D-Mark kostet Millionen Arbeitsplätze
Kann Deutschland angesichts der Euro-Krise zur alten Währung zurückkehren?
03. Aug. 2012 –
Viele Bürger sind von der Euro-Krise zunehmend genervt. Sie fragen sich: Wäre es nicht besser, wenn wir die offenbar missratene Währungsunion beendeten und zur alten, guten, harten D-Mark zurückkehrten? Dann müssten wir uns nicht mehr mit den Griechen, Spaniern, Italienern und ihren Schulden herumschlagen.
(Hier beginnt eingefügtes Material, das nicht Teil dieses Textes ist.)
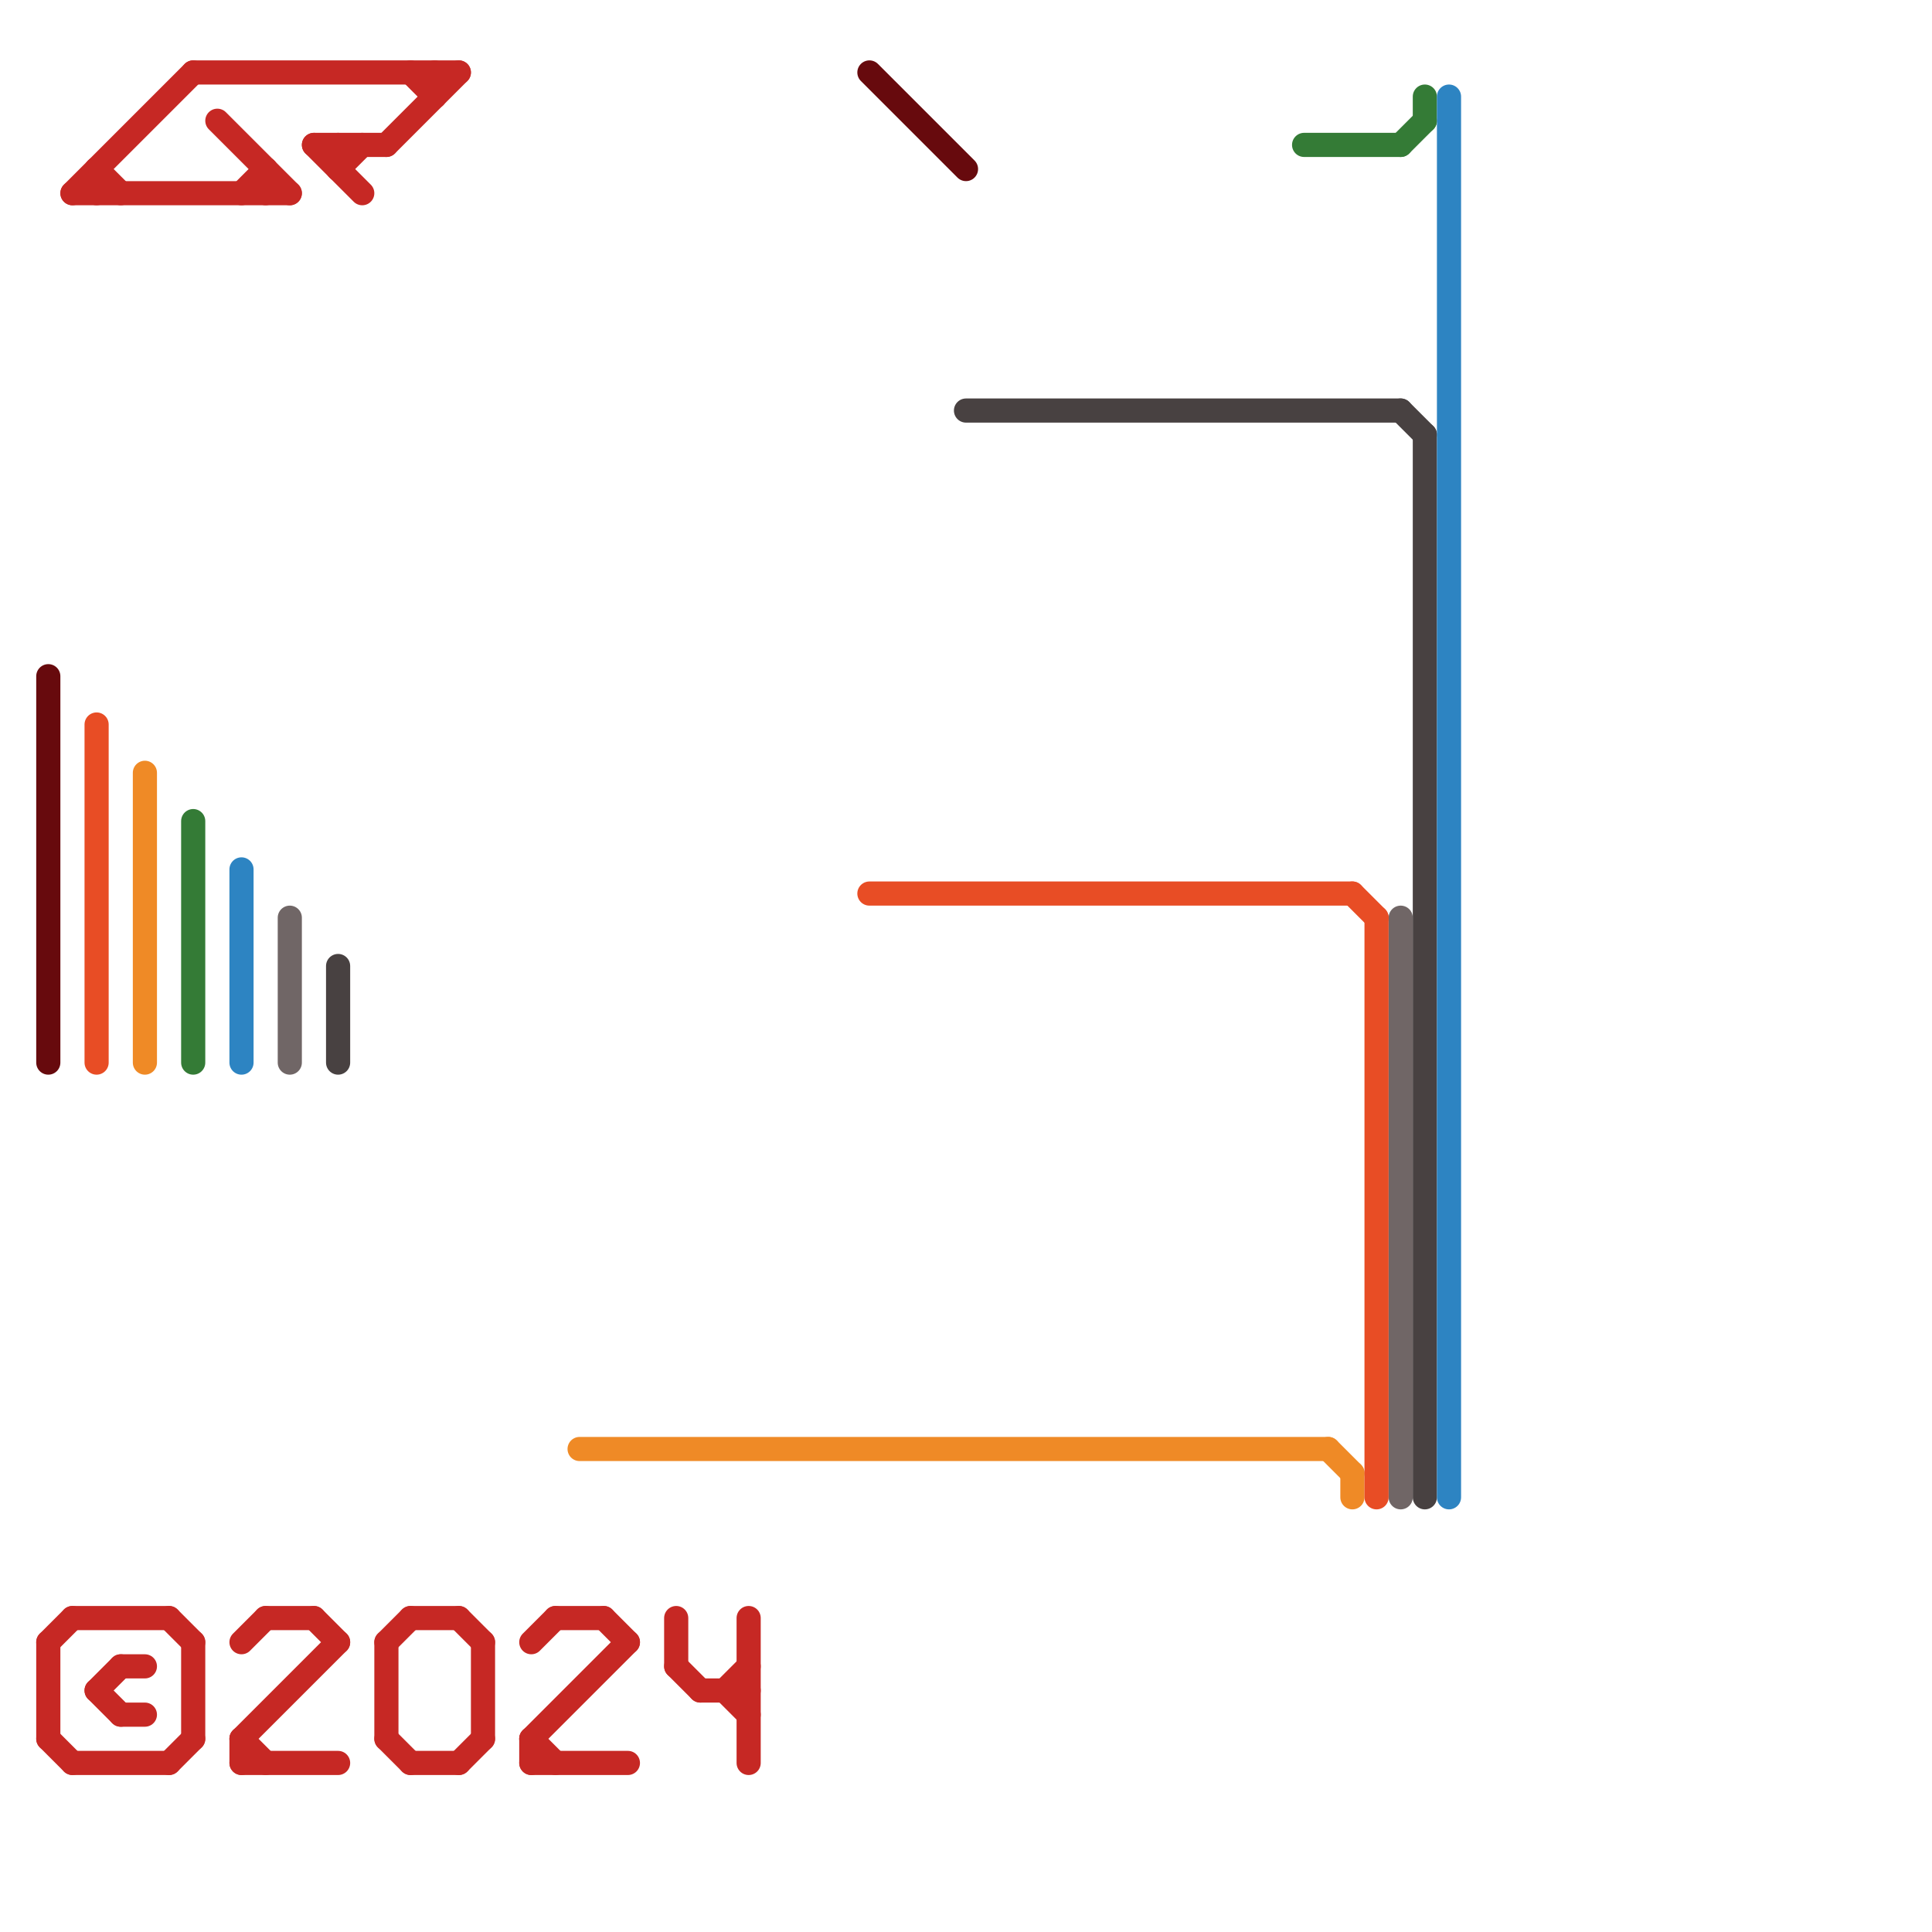 
<svg version="1.1" xmlns="http://www.w3.org/2000/svg" viewBox="0 0 80 80">
<style>text { font: 1px Helvetica; font-weight: 600; white-space: pre; dominant-baseline: central; } line { stroke-width: 1; fill: none; stroke-linecap: round; stroke-linejoin: round; } .c0 { stroke: #484141 } .c1 { stroke: #706666 } .c2 { stroke: #c62824 } .c3 { stroke: #347b36 } .c4 { stroke: #2d84c2 } .c5 { stroke: #ef8a26 } .c6 { stroke: #e84d25 } .c7 { stroke: #670a0d }</style><defs><g id="wm-xf"><circle r="1.2" fill="#000"/><circle r="0.9" fill="#fff"/><circle r="0.6" fill="#000"/><circle r="0.3" fill="#fff"/></g><g id="wm"><circle r="0.6" fill="#000"/><circle r="0.3" fill="#fff"/></g></defs><line class="c0" x1="14" y1="40" x2="14" y2="44"/><line class="c0" x1="58" y1="17" x2="59" y2="18"/><line class="c0" x1="59" y1="18" x2="59" y2="62"/><line class="c0" x1="40" y1="17" x2="58" y2="17"/><line class="c1" x1="58" y1="38" x2="58" y2="62"/><line class="c1" x1="12" y1="38" x2="12" y2="44"/><line class="c2" x1="10" y1="73" x2="14" y2="73"/><line class="c2" x1="3" y1="8" x2="12" y2="8"/><line class="c2" x1="13" y1="67" x2="14" y2="68"/><line class="c2" x1="5" y1="71" x2="6" y2="71"/><line class="c2" x1="25" y1="67" x2="26" y2="68"/><line class="c2" x1="7" y1="73" x2="8" y2="72"/><line class="c2" x1="11" y1="7" x2="11" y2="8"/><line class="c2" x1="16" y1="6" x2="19" y2="3"/><line class="c2" x1="2" y1="72" x2="3" y2="73"/><line class="c2" x1="3" y1="67" x2="7" y2="67"/><line class="c2" x1="28" y1="67" x2="28" y2="69"/><line class="c2" x1="16" y1="68" x2="16" y2="72"/><line class="c2" x1="30" y1="70" x2="31" y2="69"/><line class="c2" x1="17" y1="3" x2="18" y2="4"/><line class="c2" x1="10" y1="72" x2="11" y2="73"/><line class="c2" x1="5" y1="69" x2="6" y2="69"/><line class="c2" x1="10" y1="8" x2="11" y2="7"/><line class="c2" x1="23" y1="67" x2="25" y2="67"/><line class="c2" x1="4" y1="7" x2="5" y2="8"/><line class="c2" x1="4" y1="70" x2="5" y2="71"/><line class="c2" x1="16" y1="68" x2="17" y2="67"/><line class="c2" x1="9" y1="5" x2="12" y2="8"/><line class="c2" x1="13" y1="6" x2="15" y2="8"/><line class="c2" x1="31" y1="67" x2="31" y2="73"/><line class="c2" x1="2" y1="68" x2="2" y2="72"/><line class="c2" x1="22" y1="72" x2="23" y2="73"/><line class="c2" x1="3" y1="8" x2="8" y2="3"/><line class="c2" x1="29" y1="70" x2="31" y2="70"/><line class="c2" x1="3" y1="73" x2="7" y2="73"/><line class="c2" x1="13" y1="6" x2="16" y2="6"/><line class="c2" x1="8" y1="68" x2="8" y2="72"/><line class="c2" x1="22" y1="73" x2="26" y2="73"/><line class="c2" x1="22" y1="68" x2="23" y2="67"/><line class="c2" x1="2" y1="68" x2="3" y2="67"/><line class="c2" x1="30" y1="70" x2="31" y2="71"/><line class="c2" x1="19" y1="67" x2="20" y2="68"/><line class="c2" x1="22" y1="72" x2="26" y2="68"/><line class="c2" x1="20" y1="68" x2="20" y2="72"/><line class="c2" x1="28" y1="69" x2="29" y2="70"/><line class="c2" x1="11" y1="67" x2="13" y2="67"/><line class="c2" x1="4" y1="7" x2="4" y2="8"/><line class="c2" x1="10" y1="72" x2="14" y2="68"/><line class="c2" x1="22" y1="72" x2="22" y2="73"/><line class="c2" x1="19" y1="73" x2="20" y2="72"/><line class="c2" x1="17" y1="73" x2="19" y2="73"/><line class="c2" x1="14" y1="7" x2="15" y2="6"/><line class="c2" x1="16" y1="72" x2="17" y2="73"/><line class="c2" x1="10" y1="68" x2="11" y2="67"/><line class="c2" x1="17" y1="67" x2="19" y2="67"/><line class="c2" x1="8" y1="3" x2="19" y2="3"/><line class="c2" x1="10" y1="72" x2="10" y2="73"/><line class="c2" x1="14" y1="6" x2="14" y2="7"/><line class="c2" x1="18" y1="3" x2="18" y2="4"/><line class="c2" x1="7" y1="67" x2="8" y2="68"/><line class="c2" x1="4" y1="70" x2="5" y2="69"/><line class="c3" x1="58" y1="6" x2="59" y2="5"/><line class="c3" x1="54" y1="6" x2="58" y2="6"/><line class="c3" x1="59" y1="4" x2="59" y2="5"/><line class="c3" x1="8" y1="34" x2="8" y2="44"/><line class="c4" x1="60" y1="4" x2="60" y2="62"/><line class="c4" x1="10" y1="36" x2="10" y2="44"/><line class="c5" x1="6" y1="32" x2="6" y2="44"/><line class="c5" x1="56" y1="61" x2="56" y2="62"/><line class="c5" x1="55" y1="60" x2="56" y2="61"/><line class="c5" x1="24" y1="60" x2="55" y2="60"/><line class="c6" x1="4" y1="30" x2="4" y2="44"/><line class="c6" x1="56" y1="37" x2="57" y2="38"/><line class="c6" x1="57" y1="38" x2="57" y2="62"/><line class="c6" x1="36" y1="37" x2="56" y2="37"/><line class="c7" x1="2" y1="28" x2="2" y2="44"/><line class="c7" x1="36" y1="3" x2="40" y2="7"/>
</svg>

Wie aber würden die Dinge ablaufen, wenn Deutschland seine DM zurückholte?
Michael Heise, der leitende Ökonom der Allianz-Versicherung, hat dafür ein Szenario entworfen. Er prognostiziert einen Rückgang des Wirtschaftswachstums um jeweils etwa fünf Prozent über mehrere Jahre. Die deutsche Wirtschaft würde also nicht mehr wachsen, sondern schrumpfen. Drei Jahre nach der Rückkehr zur D-Mark wäre unsere Ökonomie 15 Prozent kleiner als vorher.
Was bedeutet das? Einer ökonomischen Faustformel zufolge entscheidet jedes Prozent BIP-Wachstum pro Jahr über ein Prozent aller Arbeitsplätze, also rund 400.000 Stellen. Angesichts eines Verlustes von 15 Prozent müsste man demnach mit sechs Millionen mehr Arbeitslosen rechnen. Die gegenwärtig knapp drei Millionen Arbeitslosen addiert, würden dann neun Millionen Menschen in Deutschland einen Arbeitsplatz suchen. Einen derartigen Zustand hat Deutschland seit 60 Jahren nicht ansatzweise erlebt.
Die Wirtschaftsleistung Deutschlands würde stark zurückgehen, so Allianz-Ökonom Heise, weil die Rückkehr zur D-Mark eine fatale Wirkungskette in Gang setzte. Der stabilisierenden gemeinsamen Währung beraubt, werden in manchen Nachbarstaaten Regierungen und Banken zahlungsunfähig. Diese Volkswirtschaften können dann kaum noch deutsche Produkte importieren. Zusätzlich wertet die alte, neue D-Mark stark auf. Der Effekt: Deutsche Fahrzeuge, Maschinen und andere Güter werden massiv teurer, was den Export zusätzlich behindert. Viele Unternehmen in Deutschland reagieren dann, indem sie Beschäftigten kündigen.
Solche Wirkungen sieht auch Christian Dreger, Leiter der makroökonomischen Abteilung beim Deutschen Institut für Wirtschaftsforschung (DIW). Allerdings warnt er vor der „erheblichen Unsicherheit von Beispiel-Rechnungen“. Um wieviel Prozent genau das Bruttoinlandsprodukt einbreche und die Arbeitslosigkeit zunehme, lasse sich kaum abschätzen. Denn die Ökonomen können bei der Berechnung eines solchen Schocks, des Zusammenbruchs eines großen Währungsraumes, nicht auf Erfahrungswerte zurückgreifen. Aber auch Dreger ist sicher: „Die negativen Wirkungen überwiegen.“ Als positiven Effekt eines D-Mark-Alleinganges nennt er, dass die Inflationsrate infolge der Aufwertung sinkt.
Kann man sich vorstellen, was in Deutschland los wäre, wenn neun Millionen Menschen keinen Lohn mehr erhielten? Die Arbeitslosenrate klettert dann in Richtung 25 Prozent. Heute liegt sie bei sieben Prozent. Solche Verhältnisse führen in Griechenland dazu, dass bei jeder Gelegenheit Straßenschlachten ausbrechen, der Müll nicht mehr weggefahren wird und Neonazis im Parlament sitzen, die Hitler gut finden.
Selbst, wenn man annimmt, dass sich die Deutschen ruhiger verhalten als die Griechen und der Staat diese Belastungsprobe aushält: Die D-Mark wird uns in den ersten Jahren massiv Wohlstand und Lebensqualität kosten. Denn weniger BIP und hohe Arbeitslosigkeit bedeuten, dass sehr viele Leute weniger Geld verdienen und der Staat weniger für Lehrer, Kindergärten, Sozialhilfe und Arbeitslosengeld ausgeben kann. Die Wartezeiten im Krankenhaus werden länger, weil die Ärzte auf der Suche nach besser bezahlten Jobs nach Kanada oder Neuseeland auswandern. Wer die D-Mark wiederhaben will, muss sich fragen, ob er solche Opfer zu bringen bereit ist.